Di ujung barat Sentosa Island terdapat Fort Siloso, bekas benteng Jepang saat Perang Dunia II. Isi dalam benteng itu sudah dirombak menjadi museum sejarah Singapura yang dihiasi gambar-gambar, patung lilin, dan film dokumenter.
Jika bosan dengan cerita masa lalu, para pengunjung dapat menikmati Underwater World yang berisi berbagai ikan dan binatang laut. Terdapat juga ikan berwarna transparan dan isi perutnya yang merah.
Pertunjukan binatang laut juga dapat disaksikan di Dolphin Lagoon yang terletak di timur pulau. Di sini turis dapat bermain dengan lumba-lumba. Ada paket berenang bareng dengan lumba-lumba yang sangat menarik, tetapi tiketnya mencapai 150 dollar Singapura atau sekitar Rp 1 juta.
Sentosa Island juga menawarkan pantai yang berpasir putih dan agak kuning. Tidak seperti pantai berpasir putih yang asli seperti di Bali atau Belitung, pasir putih di Pantai Siloso dan Pantai Palawan terasa seperti tambahan.
Namun, pantai di Sentosa Island sangat bersih dan terawat. Selain itu, terdapat bar dan restoran yang menjual masakan lezat dari sejumlah negara.
Hampir mirip Ancol
Ahmad Rizal, turis asal Bandung, mengatakan, Underwater World dan Dolphin Lagoon di Sentosa Island sebenarnya mirip dengan Sea World di Ancol. Hanya harga tiketnya kelewat mahal untuk kantong warga Indonesia, yaitu mencapai 19 dollar Singapura atau sekitar Rp 128.000 per orang.

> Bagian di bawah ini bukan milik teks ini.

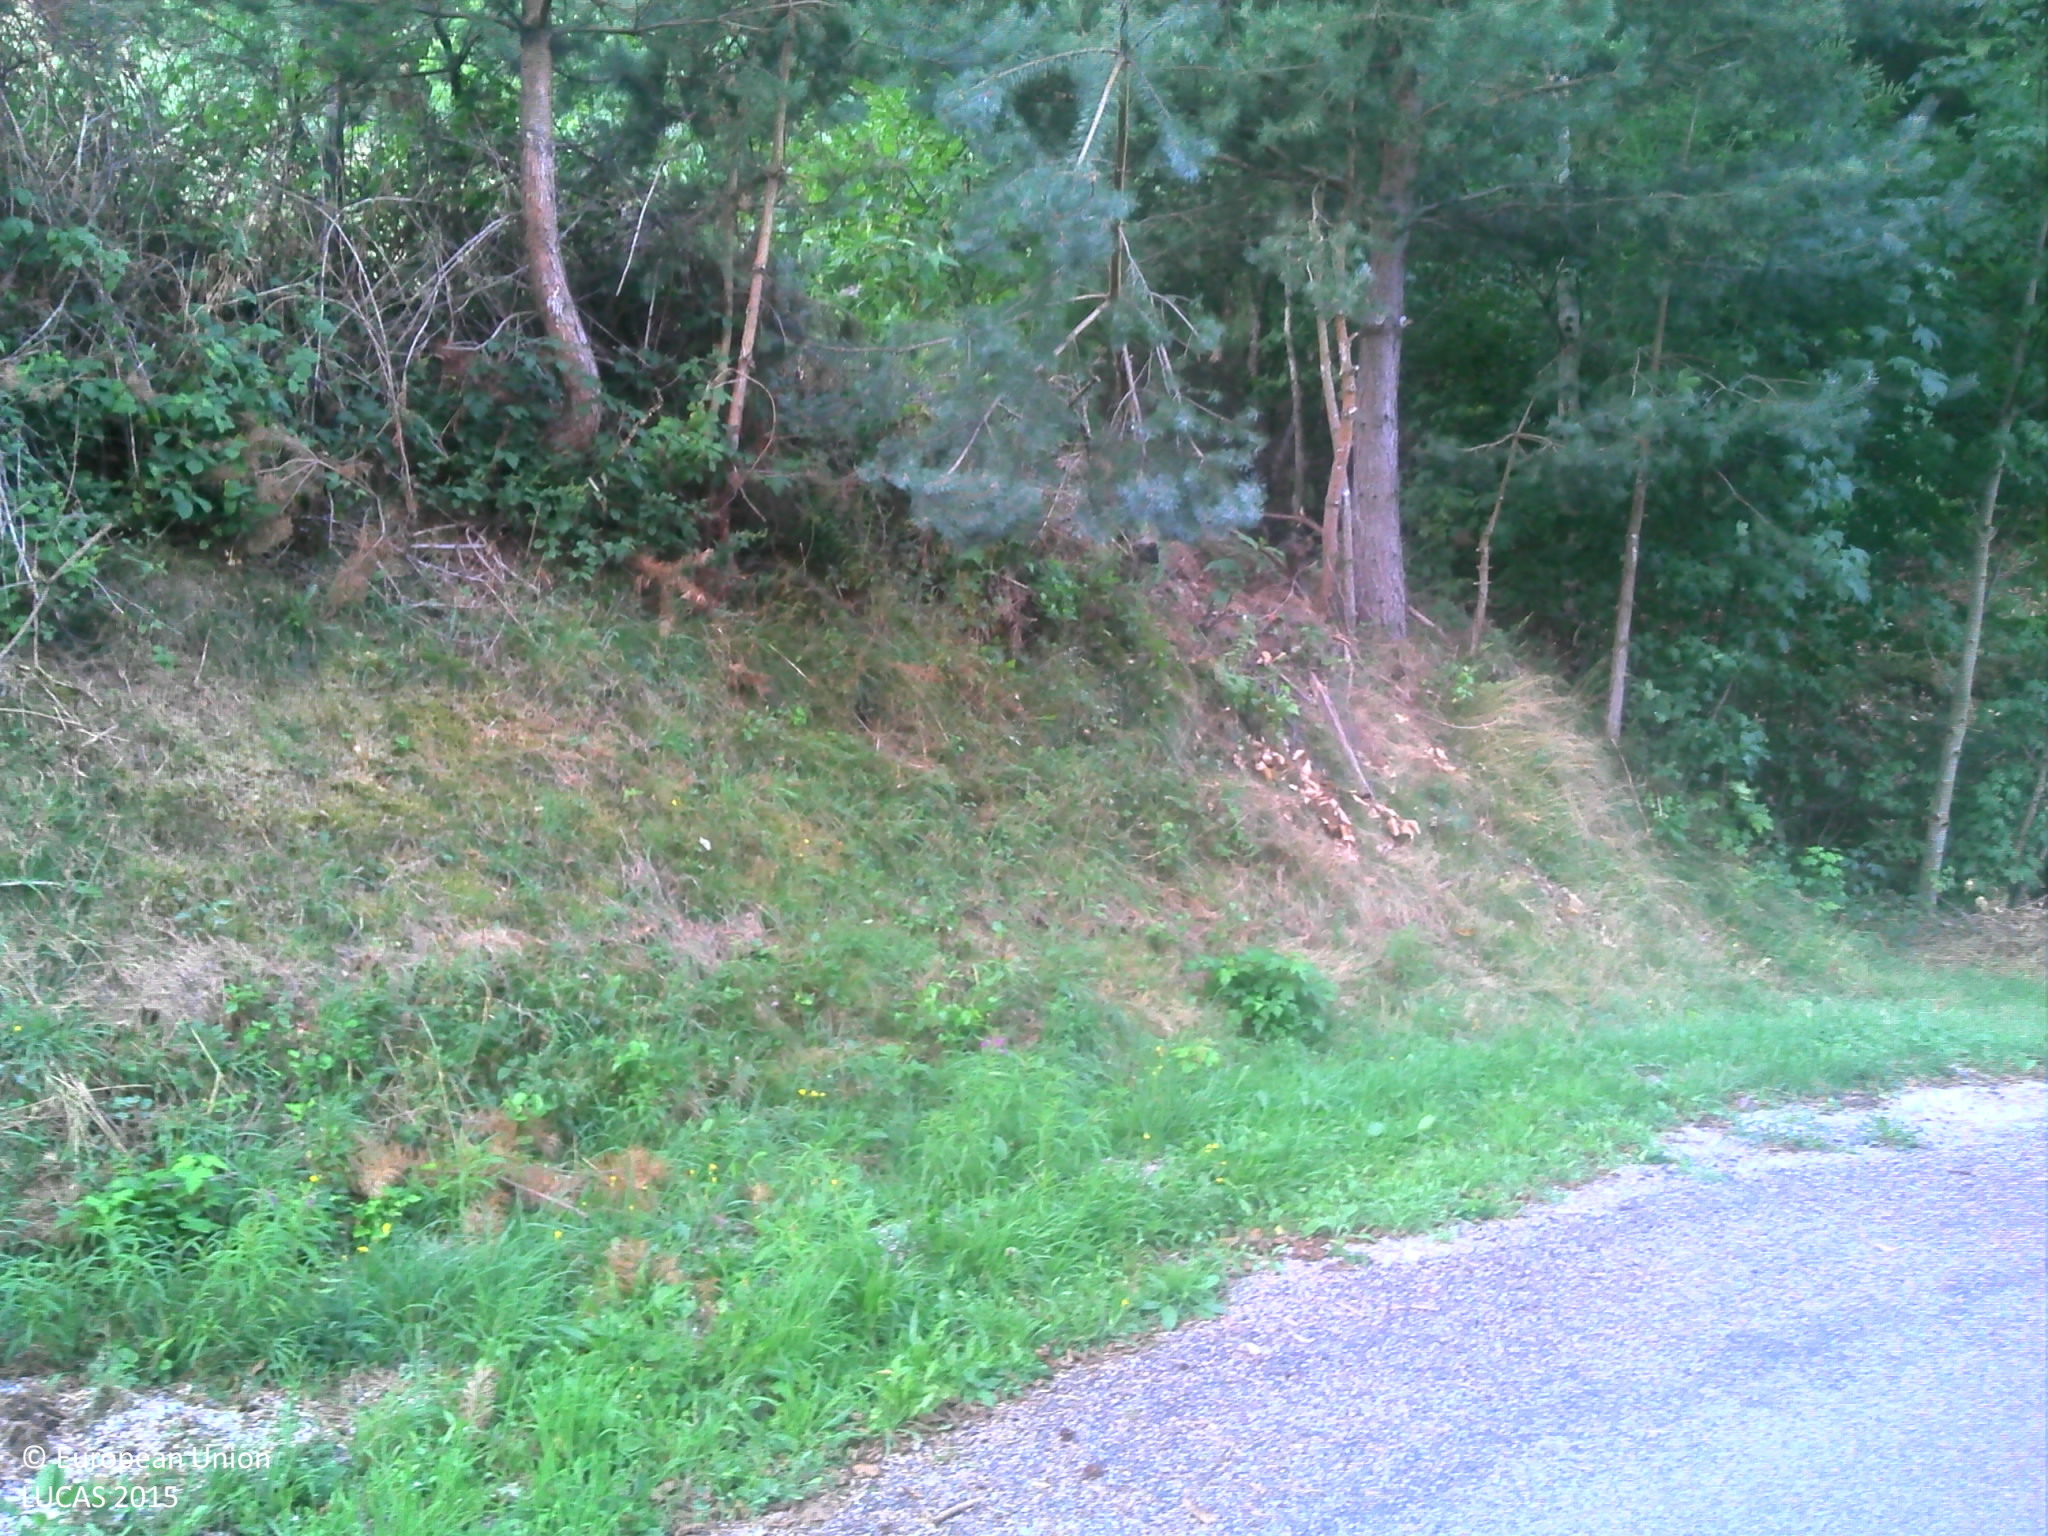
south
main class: Woodland
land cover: Broadleaved woodland
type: floodplain forest
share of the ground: > 75 %
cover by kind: broadleaved forest trees 80 %, shrubs 20 %
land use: Semi-natural and natural areas not in use
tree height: > 5 m
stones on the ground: < 10 %
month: September
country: FR
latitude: 45.1482
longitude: 4.5740
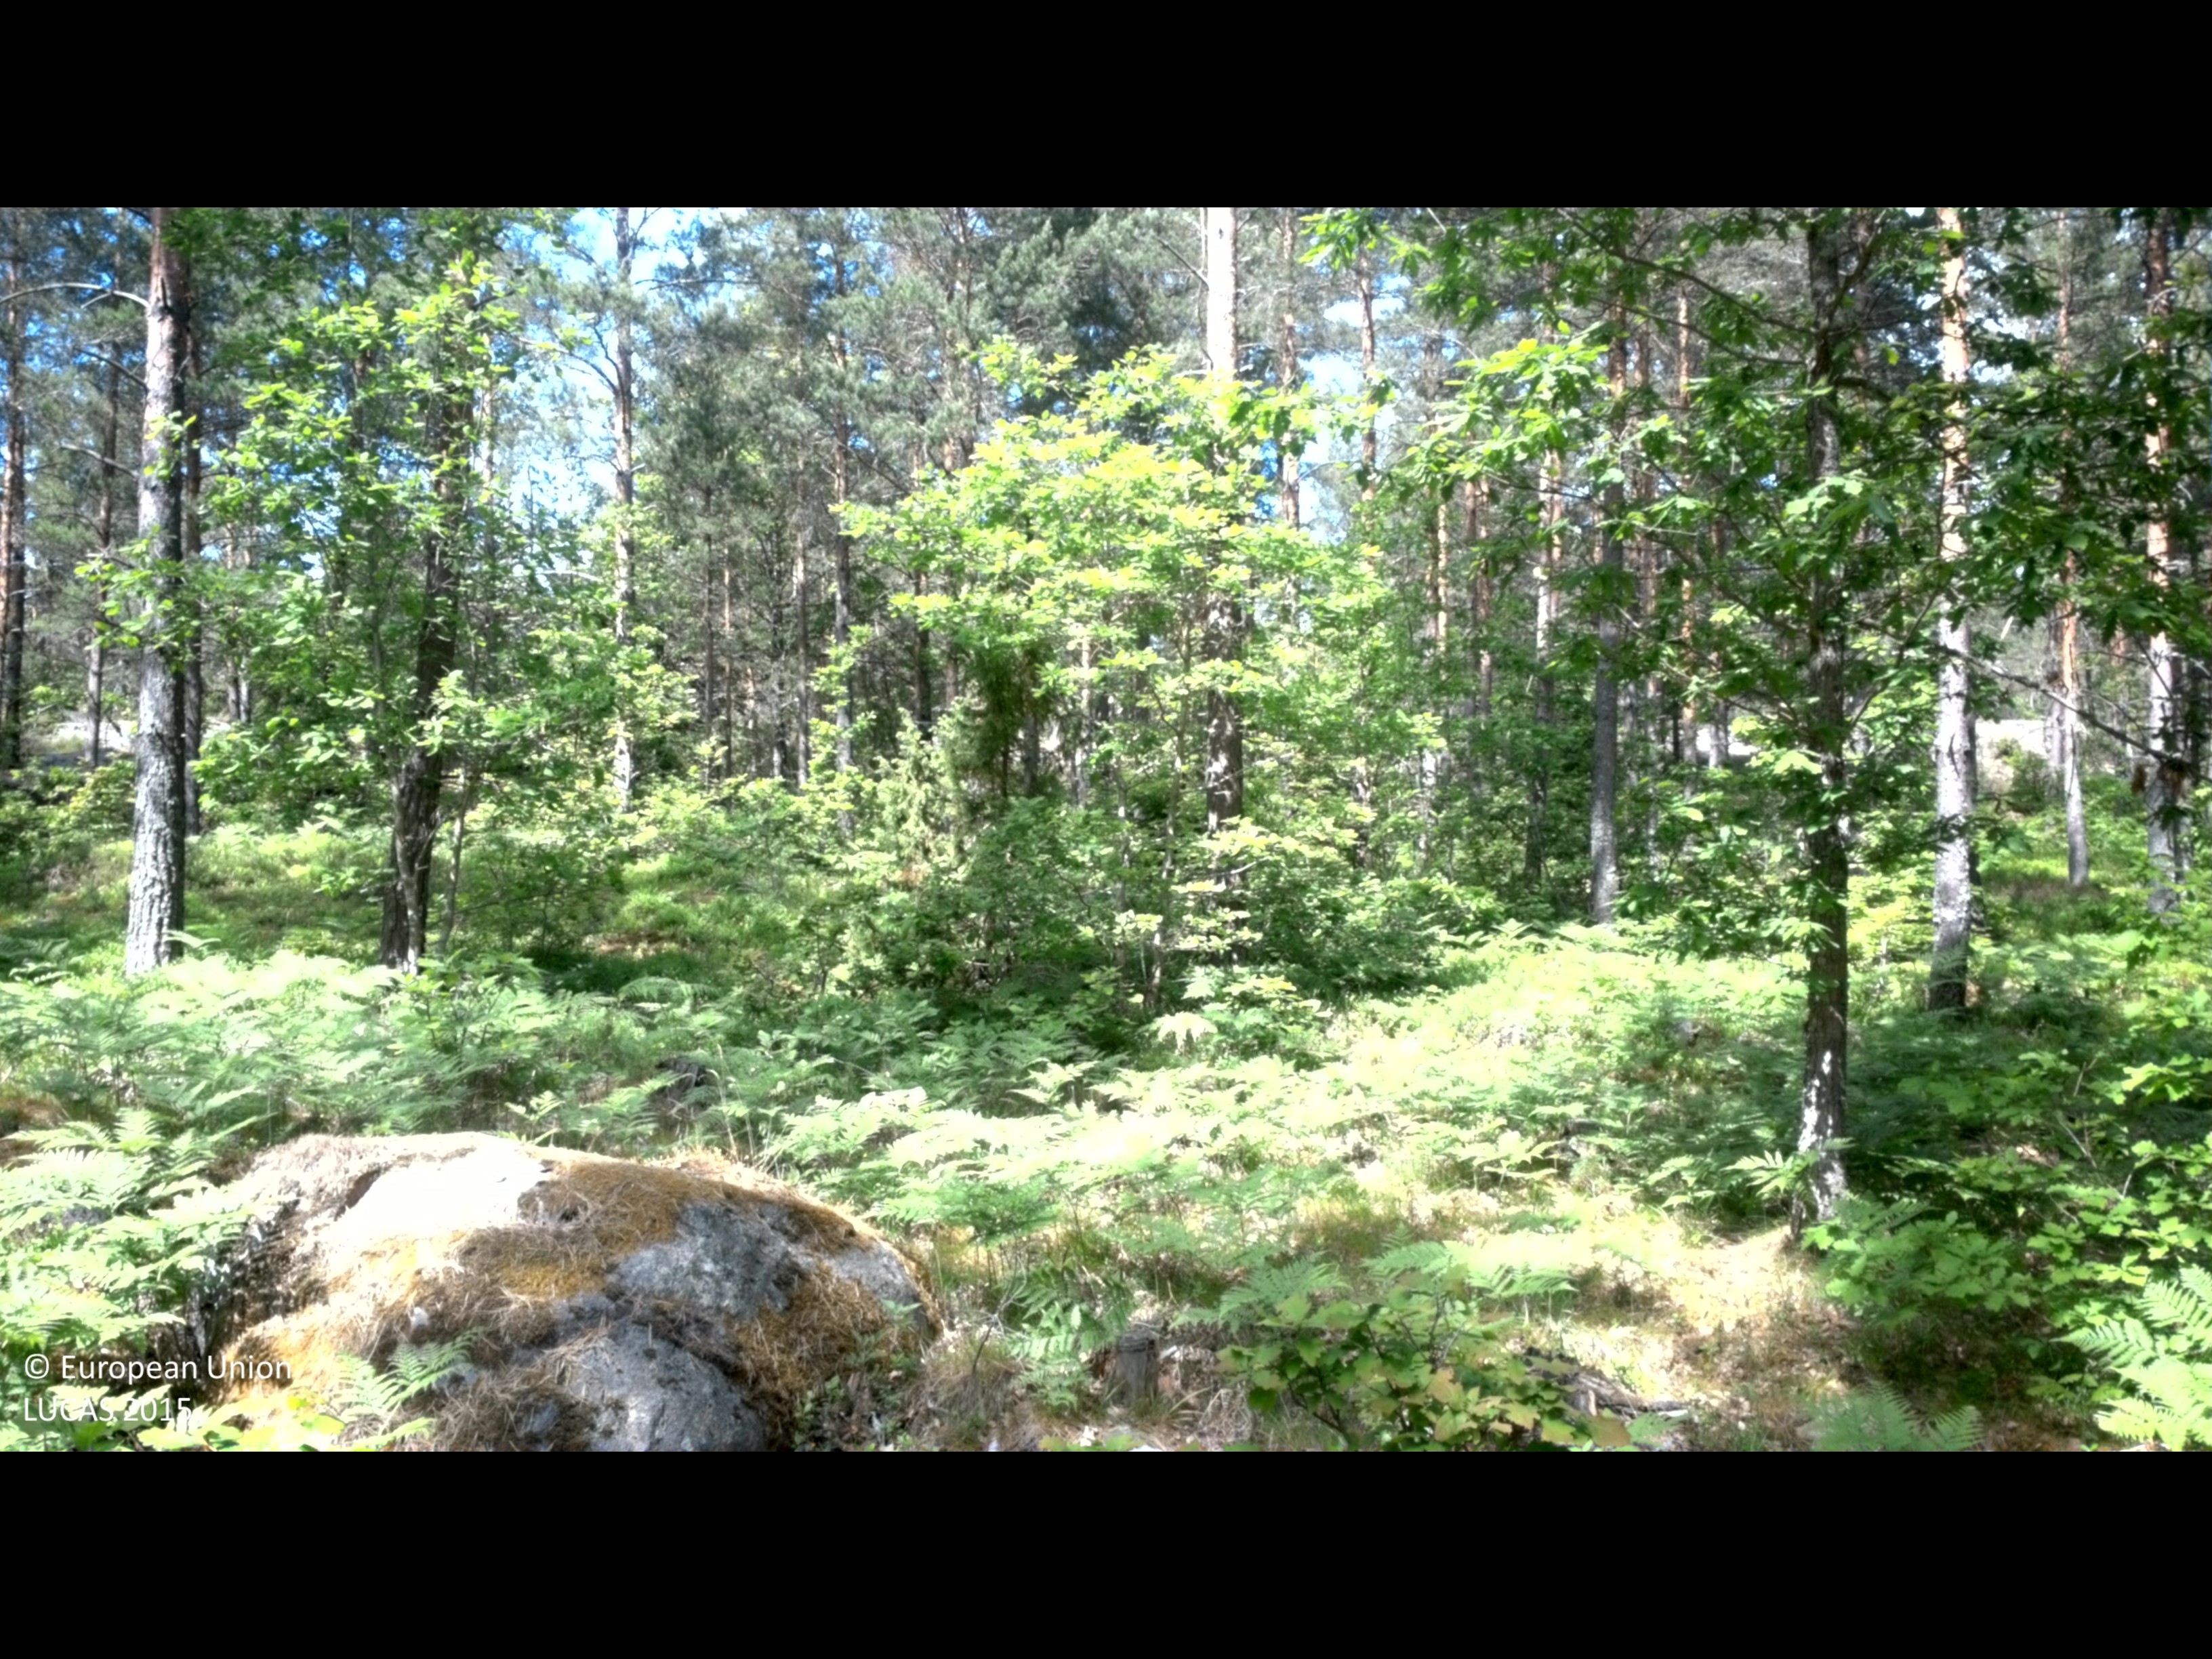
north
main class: Woodland
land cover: Pine dominated mixed woodland
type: boreal forest
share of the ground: 50 - 75 %
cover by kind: coniferous forest trees 45 %, broadleaved forest trees 20 %, herbaceous plants 15 %, shrubs 10 %, lichens and mosses 10 %
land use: Forestry
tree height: > 5 m
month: June
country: SE
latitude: 57.6072
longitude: 16.5765

Sentosa Island dengan luas 500 hektar merupakan kawasan wisata andalan Singapura. Konsepnya mirip dengan Taman Impian Jaya Ancol yang melokalisasi berbagai wahana hiburan dalam satu kawasan. Namun, perawatan, keteduhan, kenyamanan, dan keterhubungan antarwahananya sangat berbeda.
”Di sini, semua wahana hiburan terhubung dengan bus yang selalu lewat dengan jadwal tetap dan gratis. Selain itu, setiap wahana terawat dengan baik sehingga pengunjung menjadi lebih nyaman,” kata Rizal, sambil menggendong anak bungsunya.
Selain bus yang gratis, 70 persen wilayah Sentosa Island dibiarkan menjadi hutan liar. Masih banyak burung liar yang terbang dengan bebas di pulau ini. Keteduhan membuat udara panas pantai tidak terlalu terasa dan udaranya juga segar.
Bachtiar, pengunjung dari Jakarta, mengatakan, Jakarta dapat mengungguli kehebatan Sentosa Island jika menambahkan beberapa sentuhan teknologi maju dalam setiap wahana. Selain itu, perlu juga sarana untuk menghubungkan antarwahana dengan lebih mudah dan gratis.
Variasi pertunjukan di Ancol juga dapat ditingkatkan untuk menarik semakin banyak wisatawan asing dan domestik. ”Pantai Ancol sebenarnya lebih bagus dari pada di sini. Namun, di sini jauh lebih bersih sehingga pengunjung tidak akan ragu untuk bermain di air,” kata Angel. Bisa jadi Sentosa Island adalah ”Ancolnya” Singapura.